=== Section Start ===

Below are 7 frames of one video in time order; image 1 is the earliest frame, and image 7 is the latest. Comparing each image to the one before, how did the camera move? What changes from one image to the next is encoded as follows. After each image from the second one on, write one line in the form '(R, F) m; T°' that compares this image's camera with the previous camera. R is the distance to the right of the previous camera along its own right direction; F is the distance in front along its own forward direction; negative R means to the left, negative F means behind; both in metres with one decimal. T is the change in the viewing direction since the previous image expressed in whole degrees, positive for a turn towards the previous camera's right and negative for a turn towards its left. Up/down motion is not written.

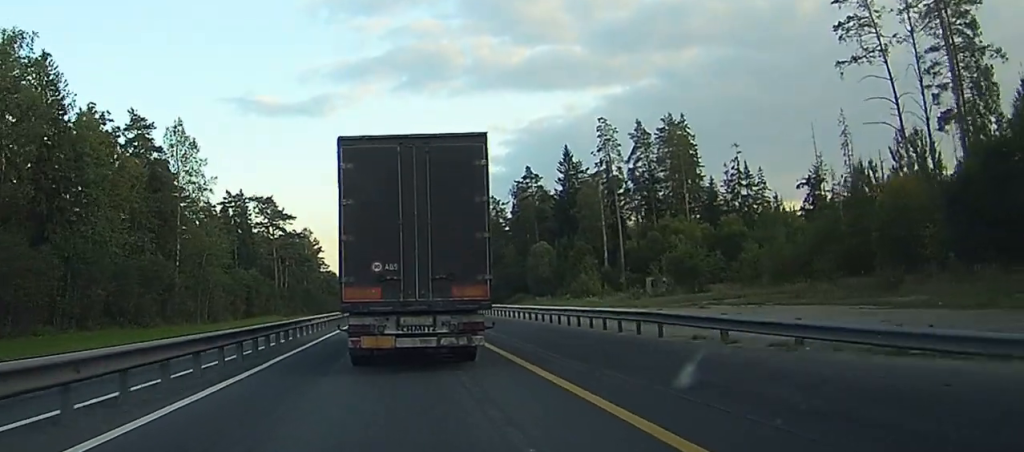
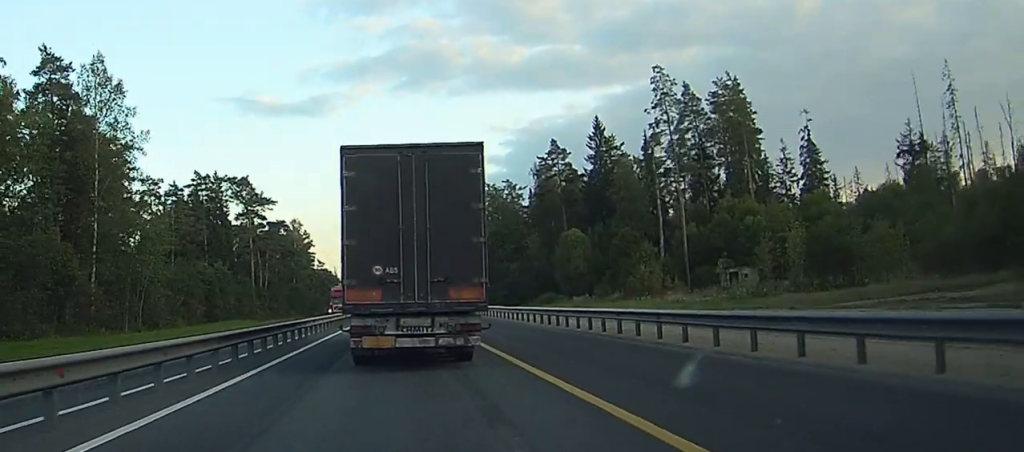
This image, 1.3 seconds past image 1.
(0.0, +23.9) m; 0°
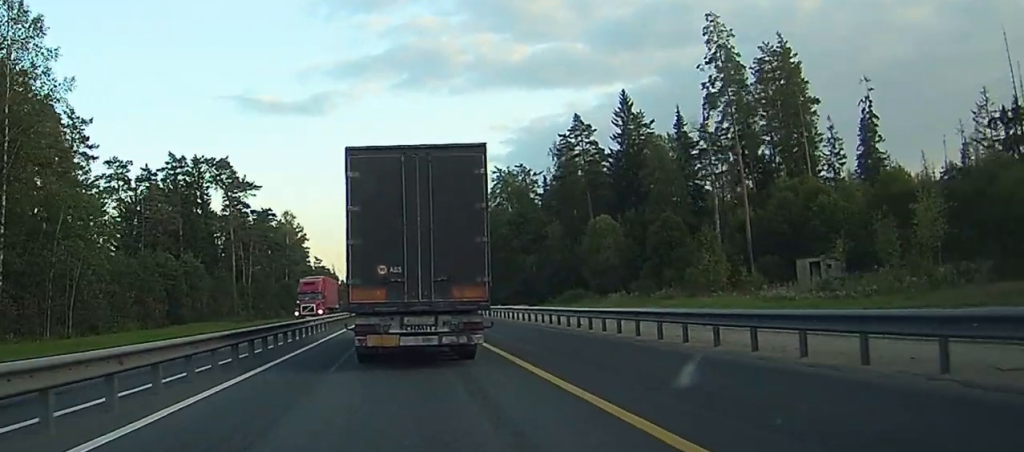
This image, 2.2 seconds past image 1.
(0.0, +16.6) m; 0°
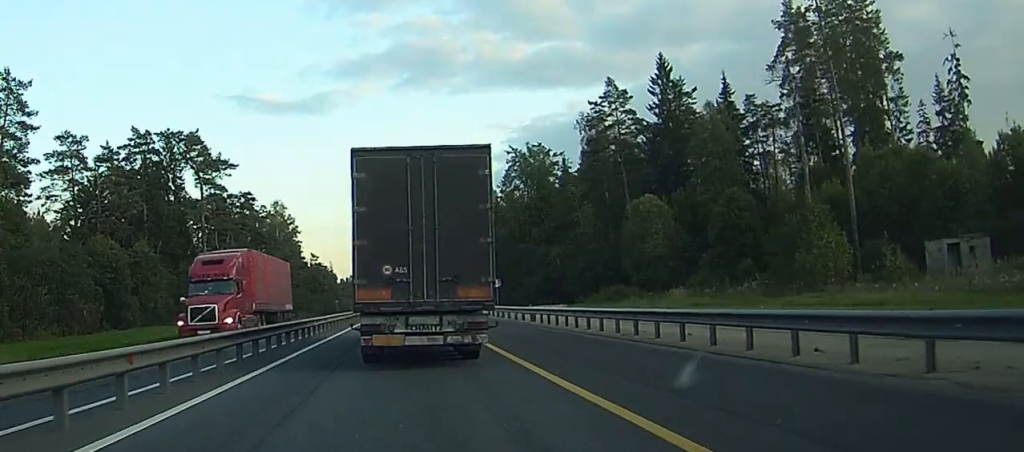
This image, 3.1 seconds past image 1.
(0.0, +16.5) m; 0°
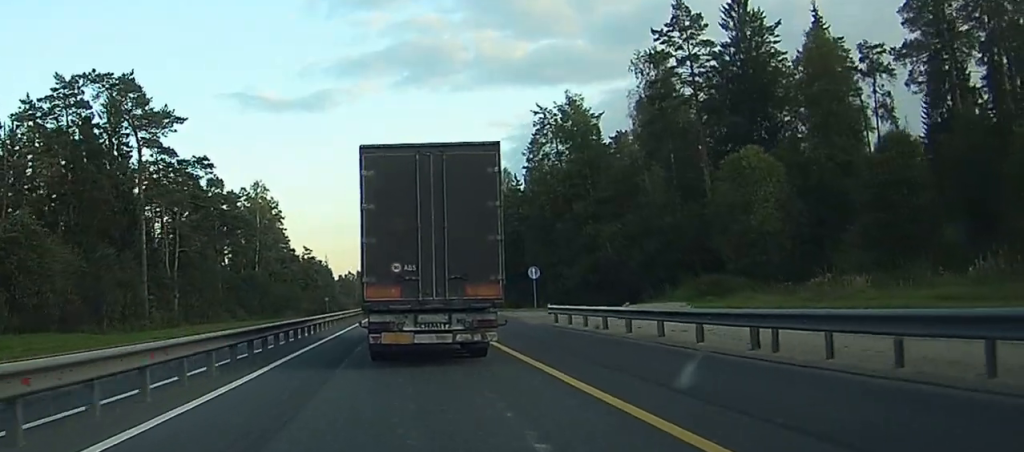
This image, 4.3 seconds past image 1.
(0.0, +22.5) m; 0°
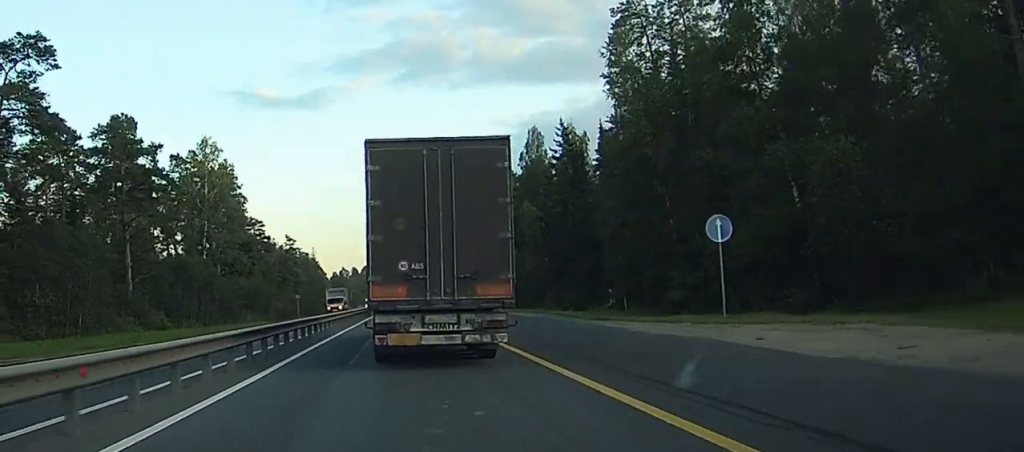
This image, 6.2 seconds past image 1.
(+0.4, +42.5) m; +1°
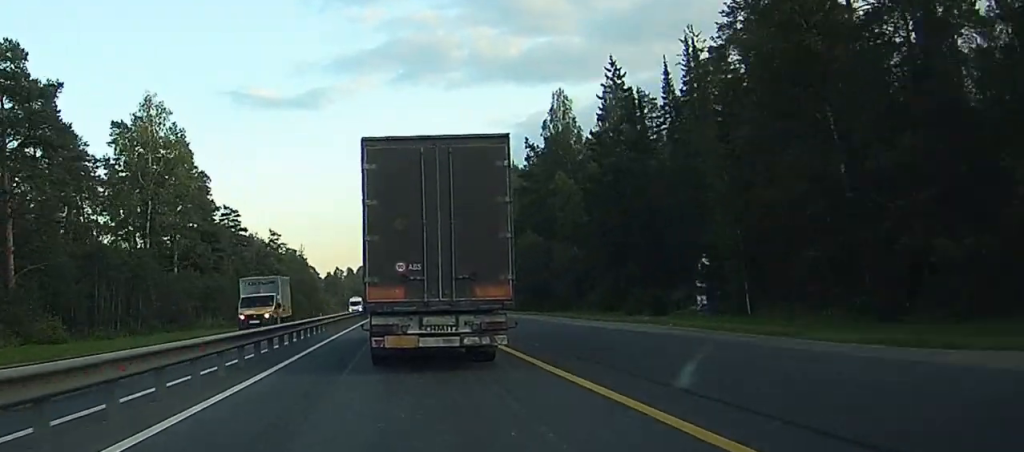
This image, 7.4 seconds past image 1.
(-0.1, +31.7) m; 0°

=== Section End ===
=== Section Start ===

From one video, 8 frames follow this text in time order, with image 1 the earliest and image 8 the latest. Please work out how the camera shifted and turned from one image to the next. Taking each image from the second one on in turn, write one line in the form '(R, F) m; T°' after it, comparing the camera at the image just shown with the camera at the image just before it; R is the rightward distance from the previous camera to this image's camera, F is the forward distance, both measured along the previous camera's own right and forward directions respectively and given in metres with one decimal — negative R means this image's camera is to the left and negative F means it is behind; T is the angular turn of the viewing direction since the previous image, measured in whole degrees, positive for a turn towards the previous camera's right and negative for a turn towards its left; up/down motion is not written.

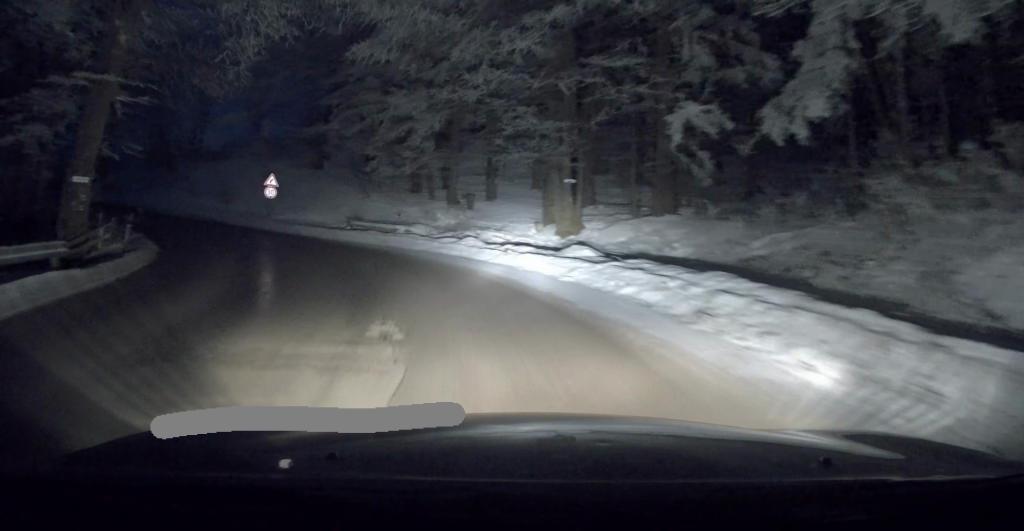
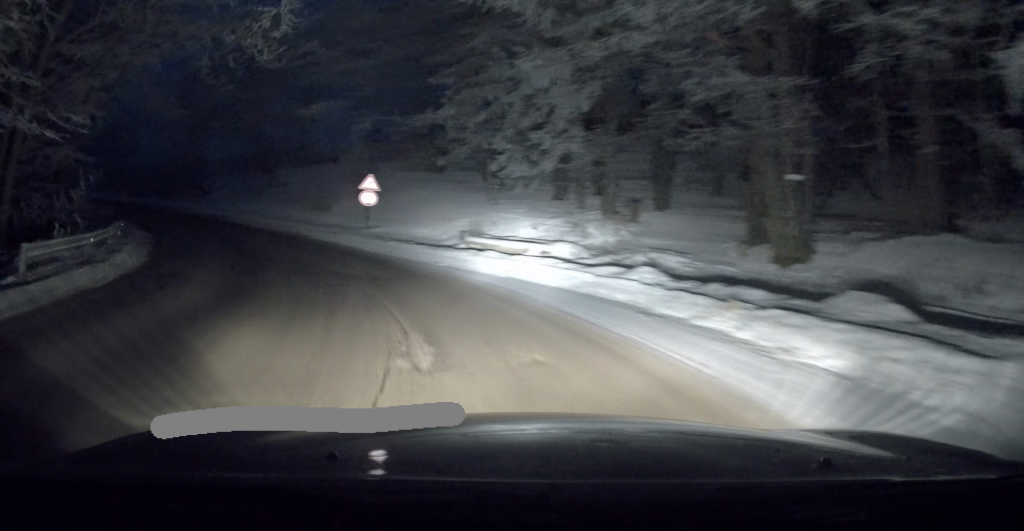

=== Section End ===

Wherever a line of the listing above contains the string "written", copy that line.

→ **RESULT FOR THIS EXERCISE**
Below are 7 frames of one video in time order; image 1 is the earliest frame, and image 7 is the latest. Comparing each image to the one before, how did the camera move? What changes from one image to the next is encoded as follows. After each image from the second one on, write one line in the form '(R, F) m; T°' that compares this image's camera with the previous camera. R is the distance to the right of the previous camera along its own right direction; F is the distance in front along its own forward direction; negative R means to the left, negative F means behind; both in metres with one decimal. T is the change in the viewing direction since the previous image expressed in whole degrees, positive for a turn towards the previous camera's right and negative for a turn towards its left. Up/down motion is not written.
From one video, 8 frames follow this text in time order, with image 1 the earliest and image 8 the latest. Please work out how the camera shifted and turned from one image to the next. Taking each image from the second one on in turn, write one line in the form '(R, F) m; T°' after it, comparing the camera at the image just shown with the camera at the image just before it; R is the rightward distance from the previous camera to this image's camera, F is the forward distance, both measured along the previous camera's own right and forward directions respectively and given in metres with one decimal — negative R means this image's camera is to the left and negative F means it is behind; T is the angular turn of the viewing direction since the previous image, measured in whole degrees, positive for a turn towards the previous camera's right and negative for a turn towards its left; up/down motion is not written.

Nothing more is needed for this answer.